1. Workspaces – Managing Multiple Environments

Concept:
Workspaces in Terraform allow you to use the same configuration for multiple environments (like dev, stage, and prod) without duplicating code. Each workspace maintains its own state file, meaning the same config can manage separate resources across different environments.

Commands:

terraform workspace new dev
terraform workspace new prod
terraform workspace list
terraform workspace select dev

Example:

resource "aws_s3_bucket" "demo" {
  bucket = "demo-${terraform.workspace}-bucket"
}

When applied in each workspace:

  • dev → creates demo-dev-bucket
  • prod → creates demo-prod-bucket

Best Practice:
Use workspaces for small environment differences. For major variations, use separate folders or repos.


2. Data Sources – Reading Existing Infrastructure

Concept:
Data sources allow Terraform to query existing resources and reuse their attributes in your configuration. This is helpful when you want to reference infrastructure not managed by your Terraform code.

Example:

data "aws_vpc" "default" {
  default = true
}

data "aws_subnet_ids" "default" {
  vpc_id = data.aws_vpc.default.id
}

data "aws_ami" "ubuntu" {
  most_recent = true
  owners      = ["099720109477"] # Canonical (Ubuntu)
  filter {
    name   = "name"
    values = ["ubuntu/images/hvm-ssd/ubuntu-*-amd64-server-*"]
  }
}

resource "aws_instance" "web" {
  ami           = data.aws_ami.ubuntu.id
  instance_type = "t2.micro"
  subnet_id     = data.aws_subnet_ids.default.ids[0]
}

Key Point:
Data sources are read-only and will not alter or destroy the referenced resources.

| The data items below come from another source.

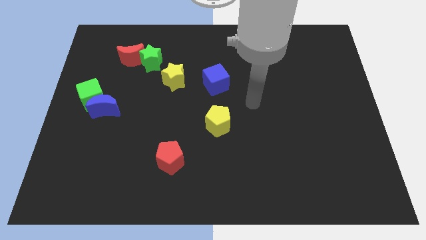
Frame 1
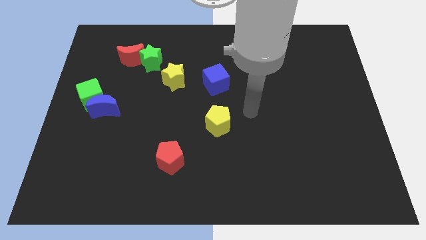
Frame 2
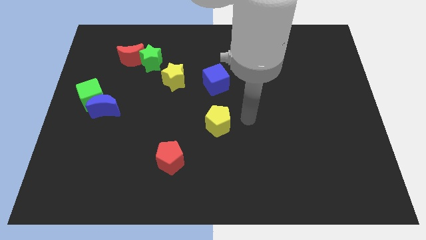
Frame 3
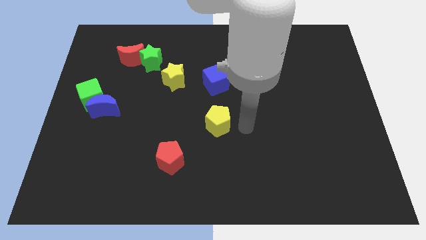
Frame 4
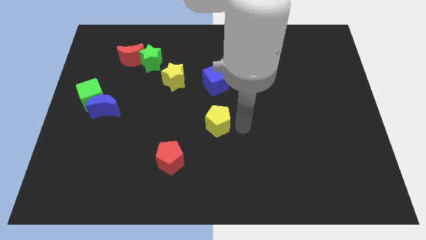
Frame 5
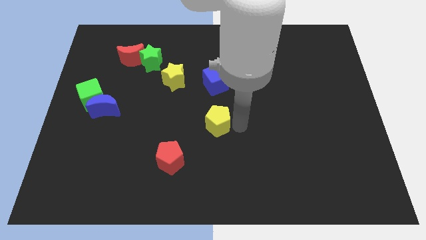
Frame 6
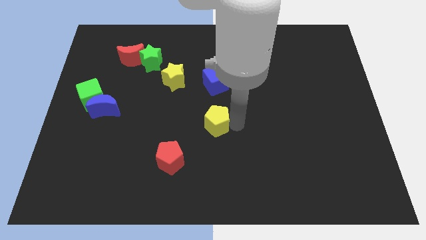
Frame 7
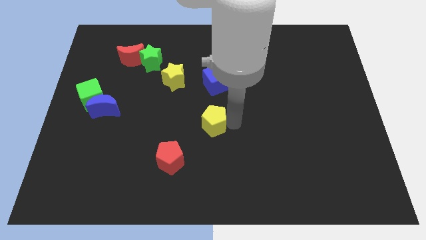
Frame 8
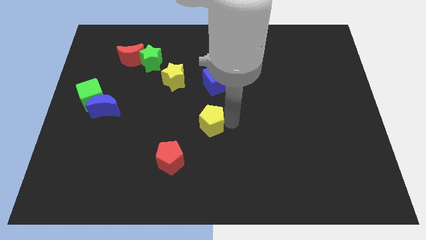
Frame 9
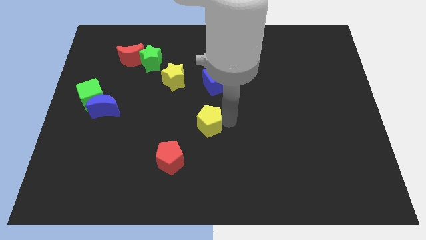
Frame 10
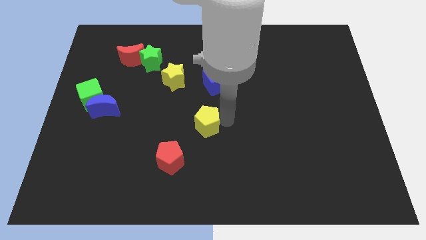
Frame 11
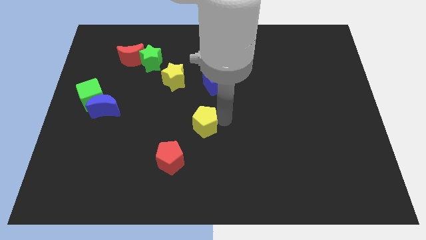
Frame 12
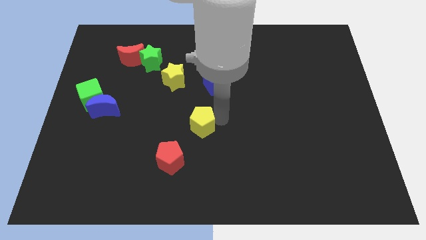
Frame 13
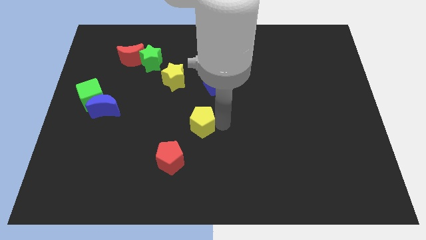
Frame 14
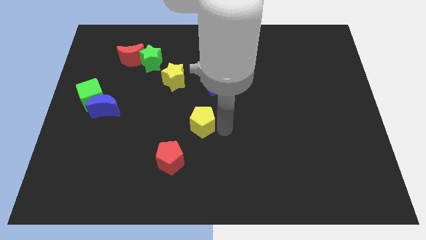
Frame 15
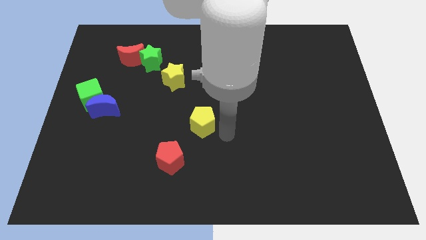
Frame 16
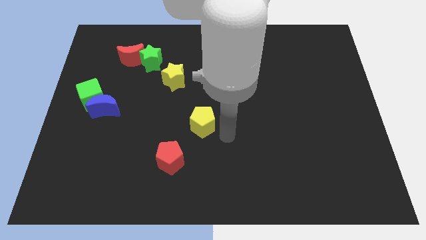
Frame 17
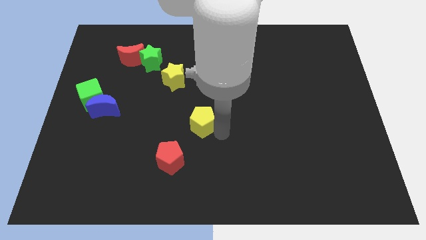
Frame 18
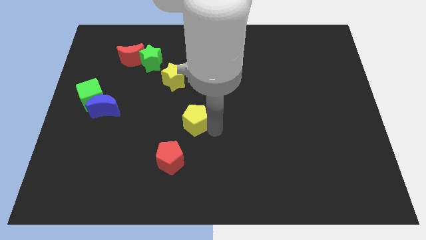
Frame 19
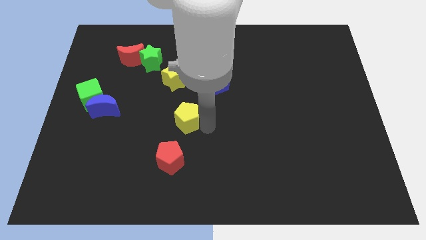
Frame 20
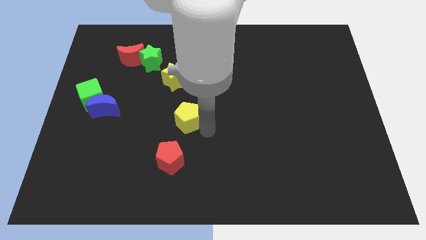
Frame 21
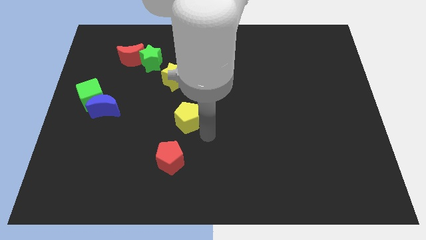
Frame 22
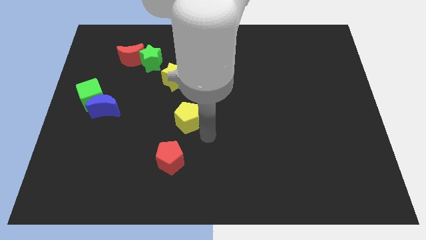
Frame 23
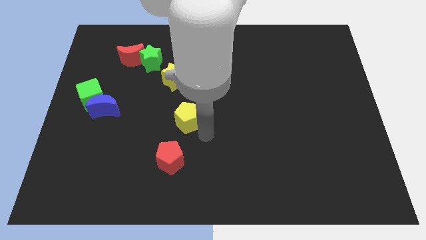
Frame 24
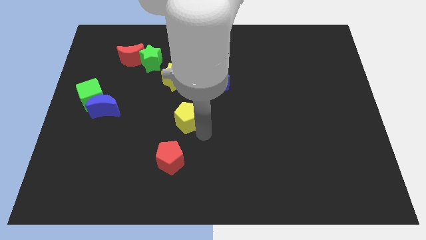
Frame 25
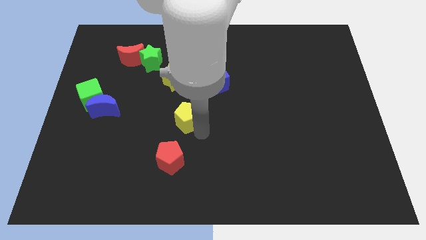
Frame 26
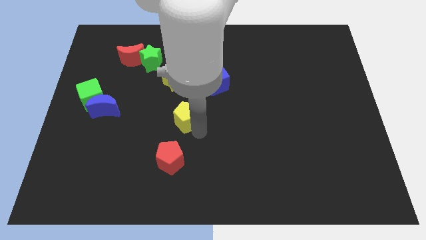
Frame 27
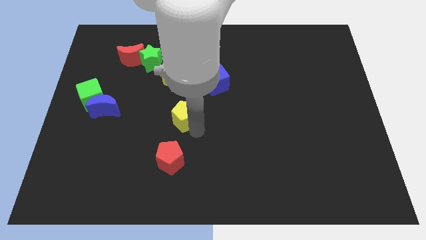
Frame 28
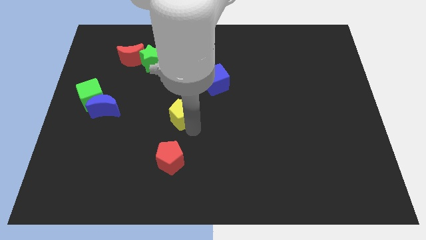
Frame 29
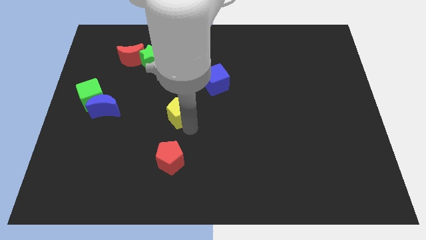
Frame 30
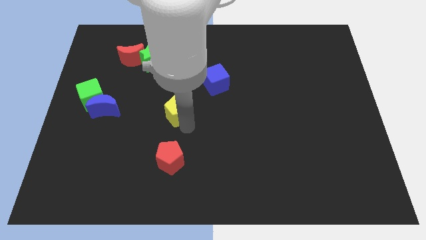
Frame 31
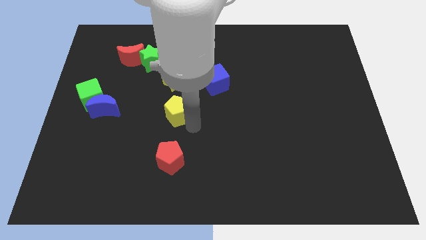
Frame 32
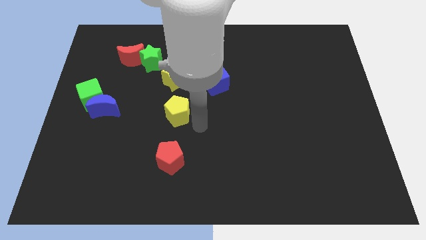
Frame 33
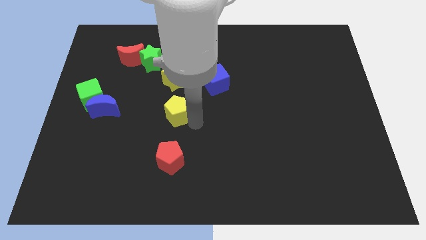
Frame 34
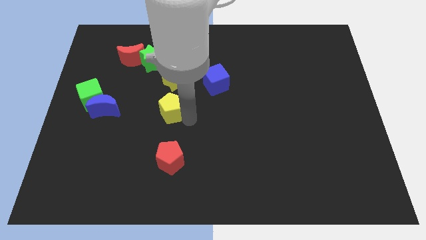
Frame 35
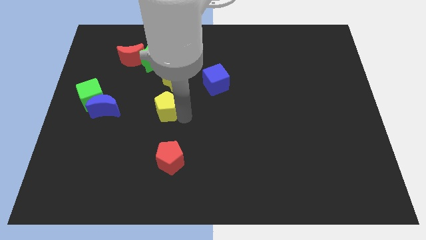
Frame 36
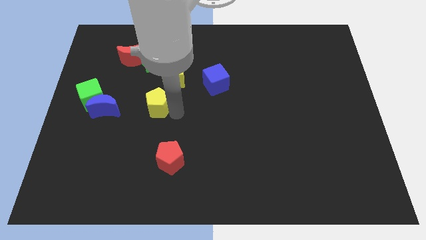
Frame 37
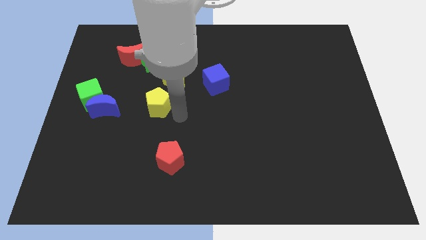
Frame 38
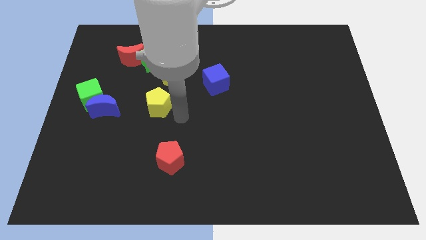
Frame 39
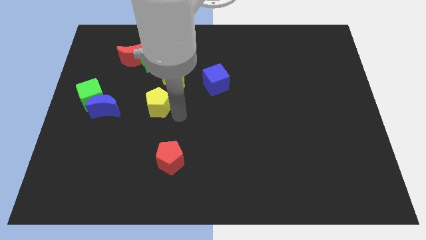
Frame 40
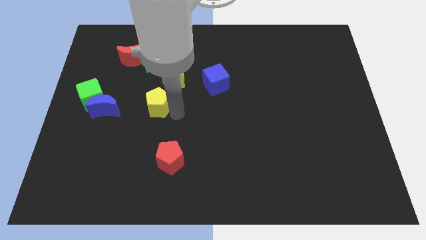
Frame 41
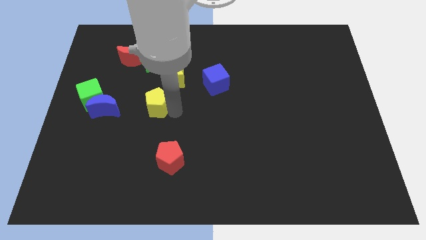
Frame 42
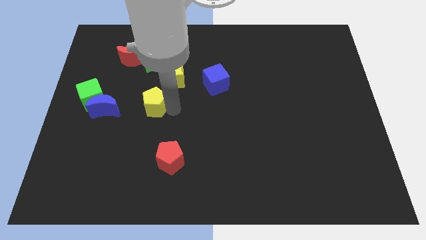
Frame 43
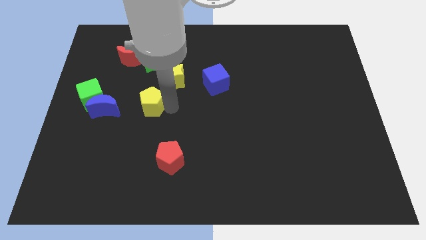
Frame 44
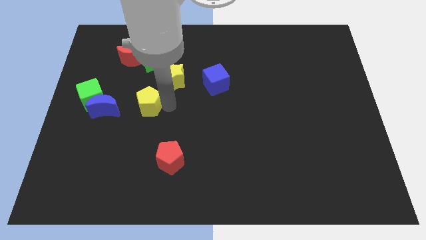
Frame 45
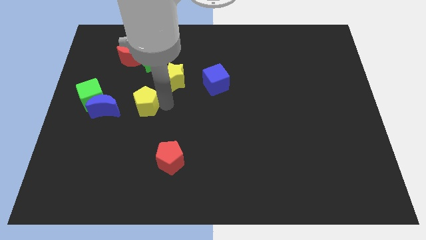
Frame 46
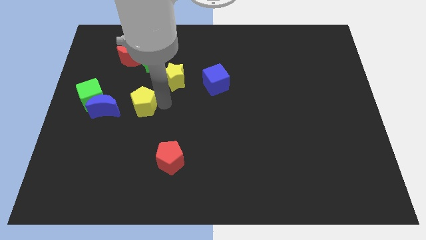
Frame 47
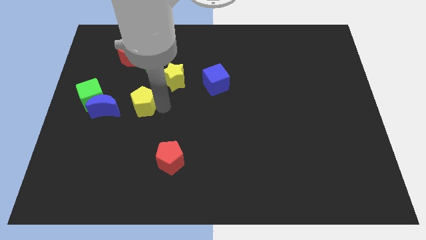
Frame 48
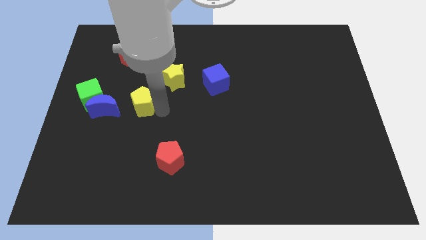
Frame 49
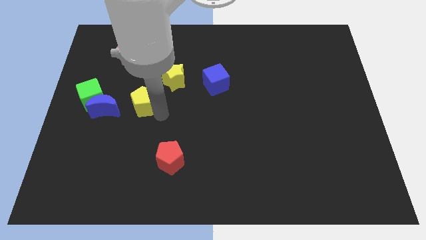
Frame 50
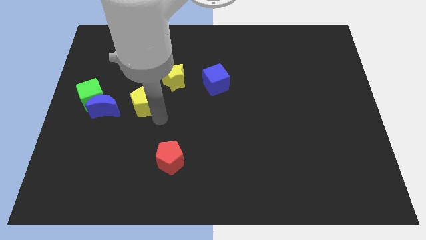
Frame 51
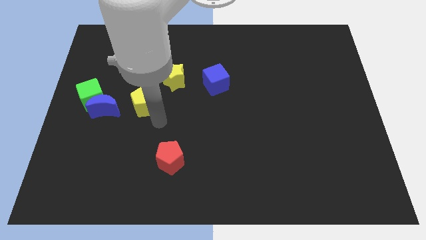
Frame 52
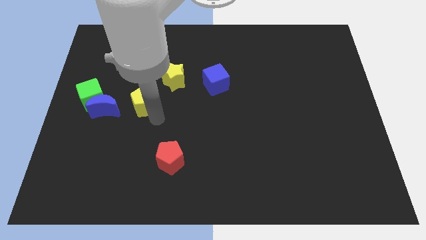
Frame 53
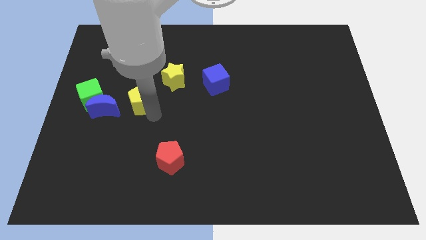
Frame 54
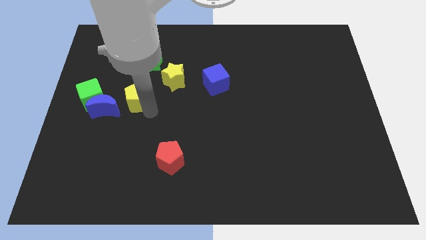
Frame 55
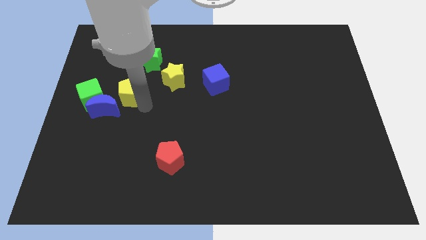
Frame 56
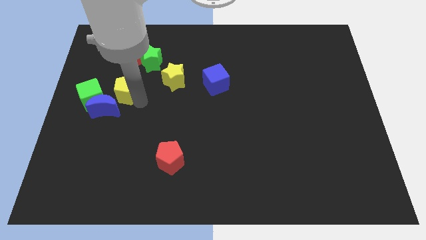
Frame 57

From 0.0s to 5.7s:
move the yellow pentagon diagonally up and to the right of the green cube

3. Provisioners – Running Commands on Resources

Concept:
Provisioners let you execute scripts or commands after a resource is created. They are often used to perform initial setup tasks such as configuration, file transfers, or installing software.

Types of Provisioners:

  • local-exec: Runs on the local machine executing Terraform.
  • remote-exec: Runs commands on the remote resource via SSH or WinRM.

Example: local-exec

resource "aws_instance" "example" {
  ami           = data.aws_ami.ubuntu.id
  instance_type = "t2.micro"

  provisioner "local-exec" {
    command = "echo ${self.public_ip} >> public_ips.txt"
  }
}

Example: remote-exec

resource "aws_instance" "web" {
  ami           = data.aws_ami.ubuntu.id
  instance_type = "t2.micro"
  key_name      = "terraform-key"

  provisioner "remote-exec" {
    inline = [
      "sudo apt-get update -y",
      "sudo apt-get install nginx -y"
    ]
  }

  connection {
    type        = "ssh"
    user        = "ubuntu"
    private_key = file("~/.ssh/terraform-key.pem")
    host        = self.public_ip
  }
}

Best Practice:
Use provisioners sparingly and only when other options (like user_data, cloud-init, or configuration management tools such as Ansible) are not practical.

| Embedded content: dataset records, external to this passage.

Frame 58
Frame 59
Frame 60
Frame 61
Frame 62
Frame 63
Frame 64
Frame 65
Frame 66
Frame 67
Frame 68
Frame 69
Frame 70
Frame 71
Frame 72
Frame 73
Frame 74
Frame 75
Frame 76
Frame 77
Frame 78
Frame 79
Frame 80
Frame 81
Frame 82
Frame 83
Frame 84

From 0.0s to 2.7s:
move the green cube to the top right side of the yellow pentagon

4. Terraform Import – When & How to Use It

terraform import is your lifeline when:

  • A resource already exists in the cloud
  • You want Terraform to manage it going forward
  • Without recreating it
  • Zero downtime

Import Rules (do it in this exact order)

  1. Write the full resource block in your config first
  2. Then run the import command:
terraform import aws_s3_bucket.demo mybucket

After import – reality check

State now knows everything about the real resource Your config must still match reality (attributes, tags, etc.) You’ll likely need to manually clean up/fix the config afterward

Memory Trick (never forget this!) Import moves: Real world → State file Import does NOT generate or fix your config! This is the #1 thing juniors get wrong — import is NOT magic code-generation.


Lab Exercise

  1. Create two workspaces:
    terraform workspace new dev
    terraform workspace new prod
  2. Deploy an EC2 instance using a data source to fetch the latest Ubuntu AMI.
  3. Add a local-exec provisioner to log the instance’s public IP into a text file.
  4. Switch between dev and prod workspaces to confirm each maintains its own instance and state.
  5. Clean up resources when done:
    terraform destroy

5. Key Takeaways

  • Workspaces: Isolate environments with unique state files.
  • Data sources: Read attributes of existing infrastructure.
  • Provisioners: Run setup scripts during resource creation or destruction.
  • Import: Bring existing infrastructure under Terraform management (write config first, then import - it moves real world → state, but doesn't generate code).

6. Practice Questions

Question 1

What happens if you run terraform apply in a new workspace without selecting it first?
A) It applies to the default workspace.
B) It errors out.
C) It creates resources in all workspaces.
D) It creates a new workspace automatically

Show Answer Answer: **A** - Terraform always operates in the current workspace. If you haven't selected a workspace, it uses the "default" workspace. You must use `terraform workspace select` to switch.

Question 2

What is the main difference between a data source and a resource? A) Data sources are read-only, resources are managed B) Data sources cost money, resources are free C) Data sources only work with AWS, resources work everywhere D) There is no difference

Show Answer Answer: **A** - Data sources are read-only queries that fetch information about existing infrastructure without managing it. Resources are created, updated, and destroyed by Terraform.

Question 3

When should you use provisioners instead of user_data or cloud-init? A) Always - provisioners are the recommended approach B) When you need to run commands after resource creation that can't be done with user_data C) Never - provisioners should never be used D) Only for Windows instances

Show Answer Answer: **B** - Provisioners should be a last resort. Use user_data, cloud-init, or configuration management tools (Ansible, Chef) first. Provisioners are useful for post-creation tasks that can't be handled by built-in initialization methods. While not deprecated, they are discouraged in favor of more reliable alternatives.